THE FORMAT “With this workout, you don’t need to worry about rep counts or which weights you want to use,” says Hancock. “Just set a timer and get to it.” Perform these six moves for 40 seconds each and complete four rounds in total, resting for 60 seconds at the end of each. Make sure you have all of your kit set up, so you’re not tripping over the ropes mid-shuttle.

01/ Ball Slam

Stand with your feet at shoulder-width, then lift the slam ball above your head, while fully extending your body. Throw it to the ground in front of you, dipping your knees to catch it on the bounce and propelling it back up for the next rep.

02/ Battle Rope Slam

Next, grab a rope end in each hand and bend your knees. In one explosive movement, lift the ropes to shoulder height, rising up onto your toes, then slam the ropes down. Move straight into the next rep, making sure that you maintain a rhythm.

03/ Shuttle Run

Now, drop the ropes and run back and forth between two markers, tapping the ground between your feet as you turn. If you don’t have the space to run in your gym, you can sub in jumping jacks or bunny hops over a bench.

04/ Farmer’s Walk

Grab two heavy kettlebell­s. Retract your shoulder blades, tighten your abs and carry the weights back and forth. This will allow your heart rate to come down before you start swinging…

05/ Kettlebell Swing

Grab a lighter weight if necessary.
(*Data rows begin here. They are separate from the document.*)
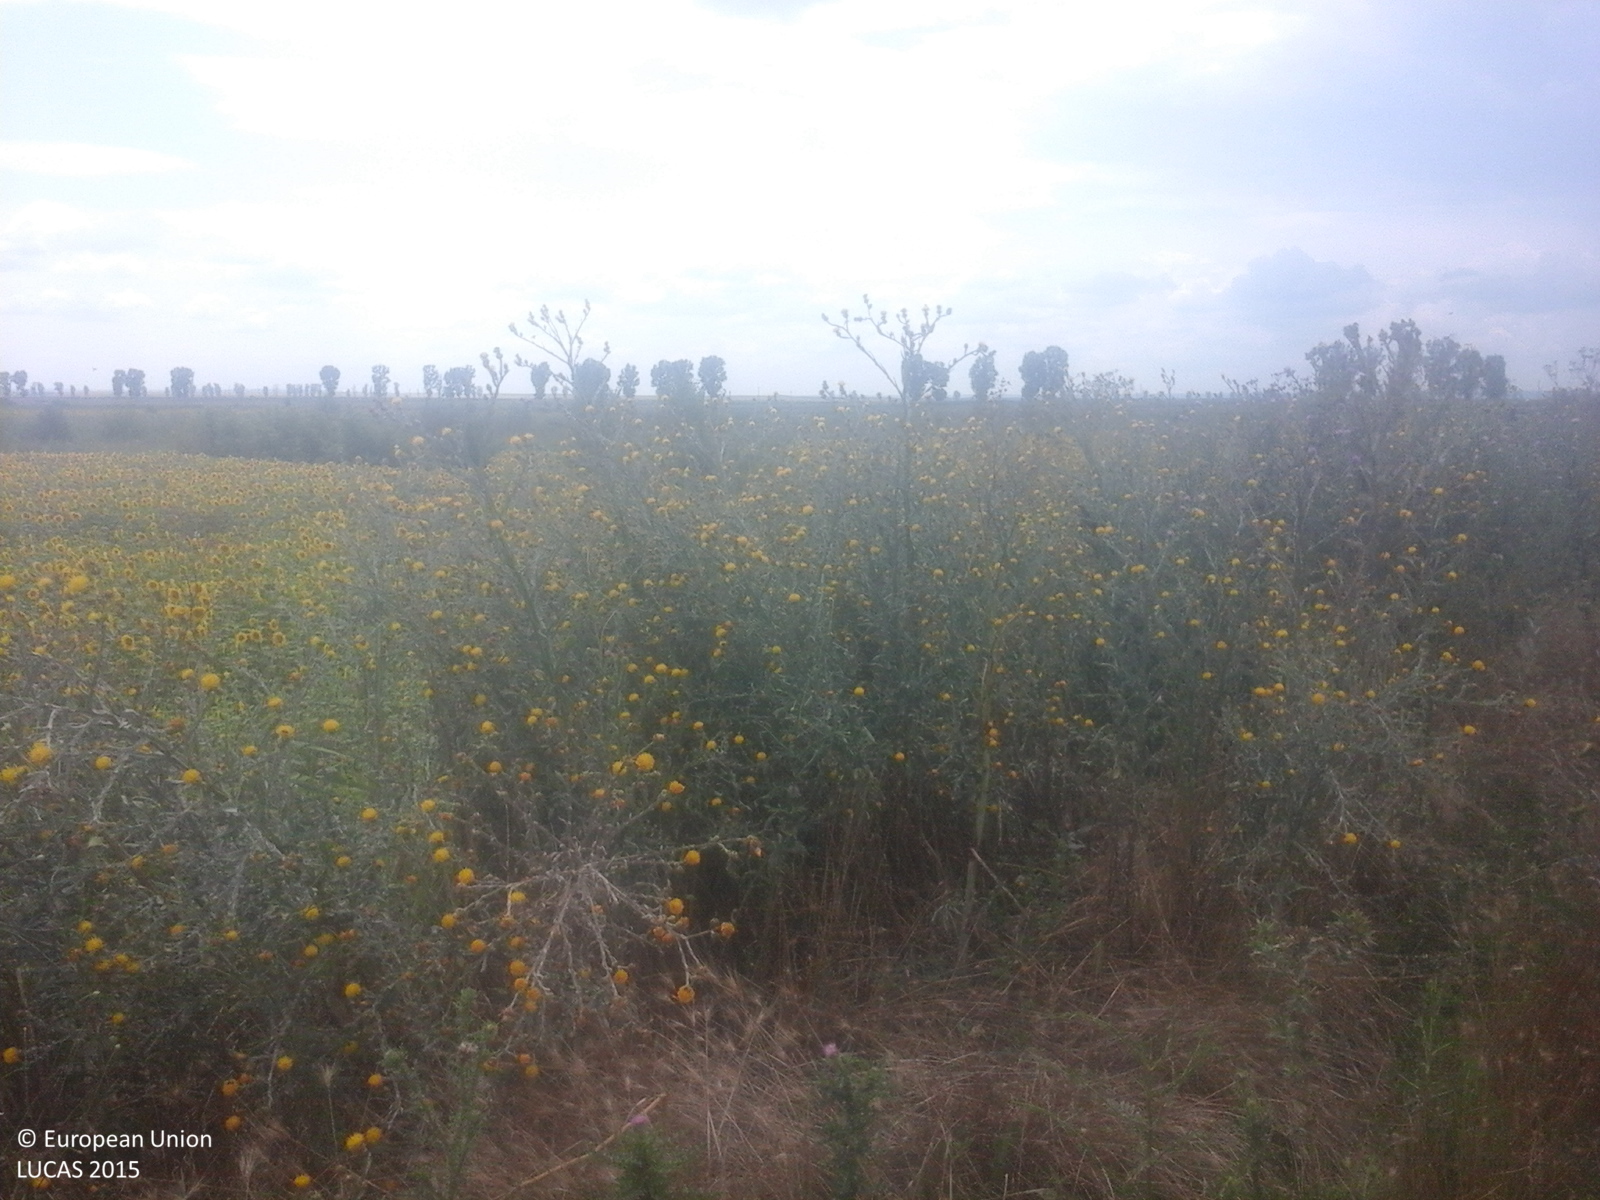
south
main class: Grassland
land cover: Spontaneously vegetated surfaces
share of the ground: > 75 %
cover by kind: herbaceous plants 100 %
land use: Semi-natural and natural areas not in use
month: July
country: RO
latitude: 43.7673
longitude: 24.7397

Bend at your hips, keeping your back straight, then drive your hips forward to swing the weight up until your arms are parallel to the floor, allowing momentum to carry it back.

06/ Kettlebell Thruster

Holding two kettlebell­s in a rack position, drop into a squat, keeping your chest up. Accelerate as you reach the top of the squat and drive the weights overhead until your arms are extended. Drop back into a squat.